Chapter 3 will provide the means to derive the following from mul_pos and the definition of <:

#check (mul_nonneg : 0 ≤ a → 0 ≤ b → 0 ≤ a * b)

It is then an extended exercise to show that many common facts used to reason about arithmetic and the ordering on the real numbers hold generically for any ordered ring. Here are a couple of examples you can try, using only properties of rings, partial orders, and the facts enumerated in the last two examples:

example (h : a ≤ b) : 0 ≤ b - a := by
  sorry

example (h: 0 ≤ b - a) : a ≤ b := by
  sorry

example (h : a ≤ b) (h' : 0 ≤ c) : a * c ≤ b * c := by
  sorry

Finally, here is one last example. A metric space consists of a set equipped with a notion of distance, dist x y, mapping any pair of elements to a real number. The distance function is assumed to satisfy the following axioms:

variable {X : Type*} [MetricSpace X]
variable (x y z : X)

#check (dist_self x : dist x x = 0)
#check (dist_comm x y : dist x y = dist y x)
#check (dist_triangle x y z : dist x z ≤ dist x y + dist y z)
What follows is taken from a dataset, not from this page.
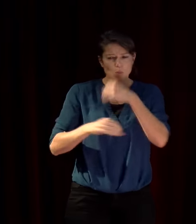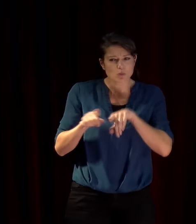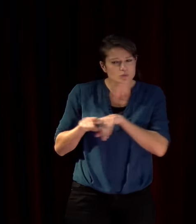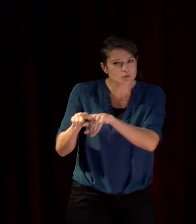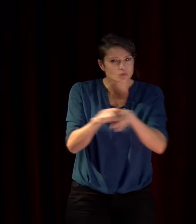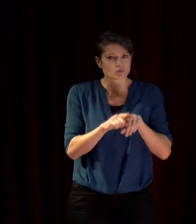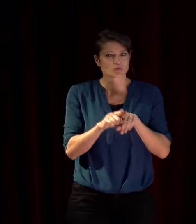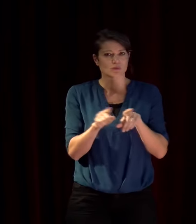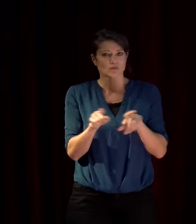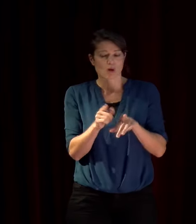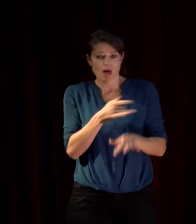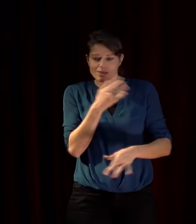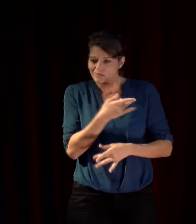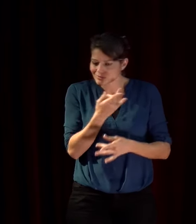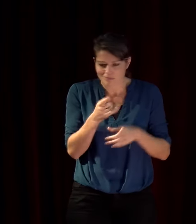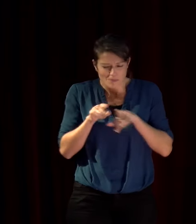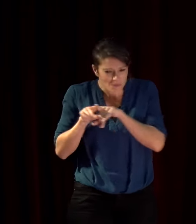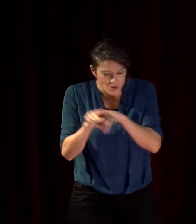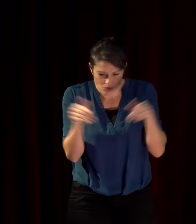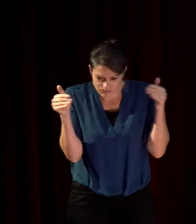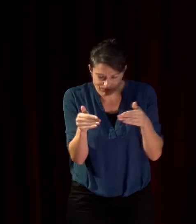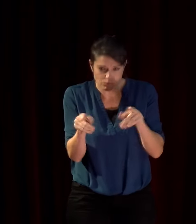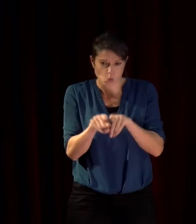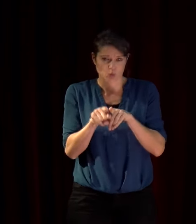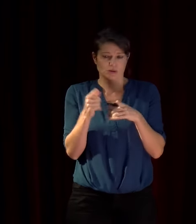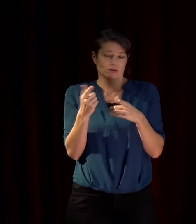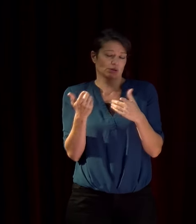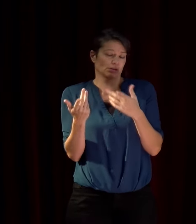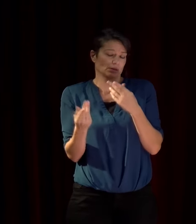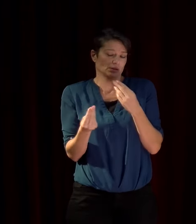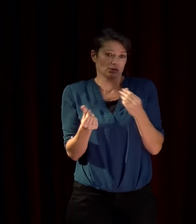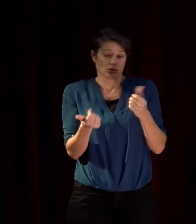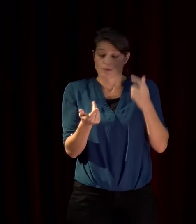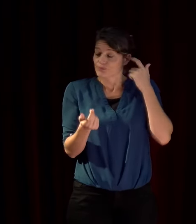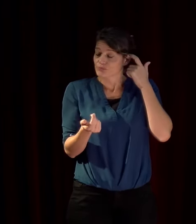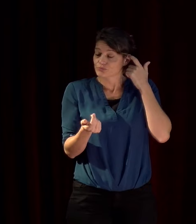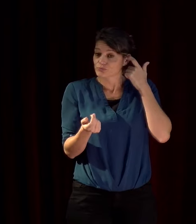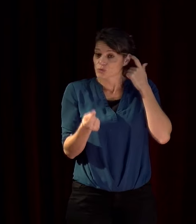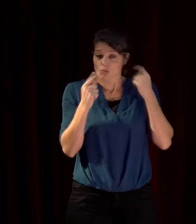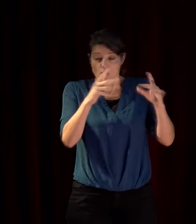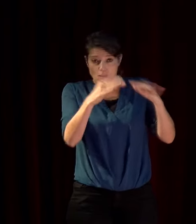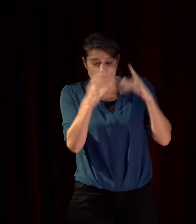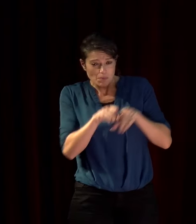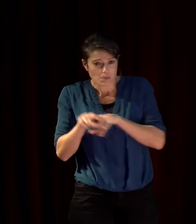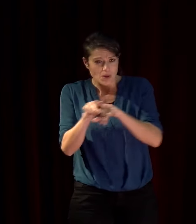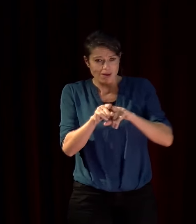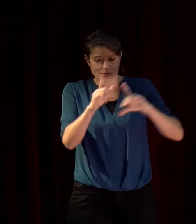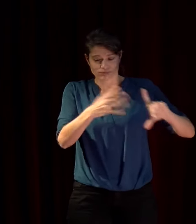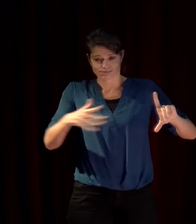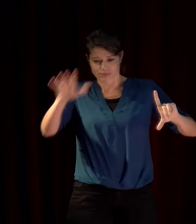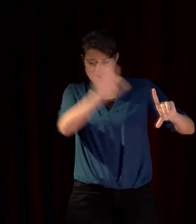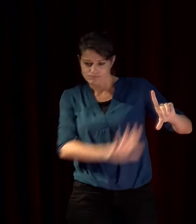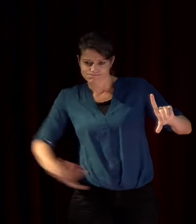affinités des mêmes aspirations entre les deux rives en effet la Méditerranée

Having mastered this section, you can show that it follows from these axioms that distances are always nonnegative:

example (x y : X) : 0 ≤ dist x y := by
  sorry

We recommend making use of the theorem nonneg_of_mul_nonneg_left. As you may have guessed, this theorem is called dist_nonneg in Mathlib.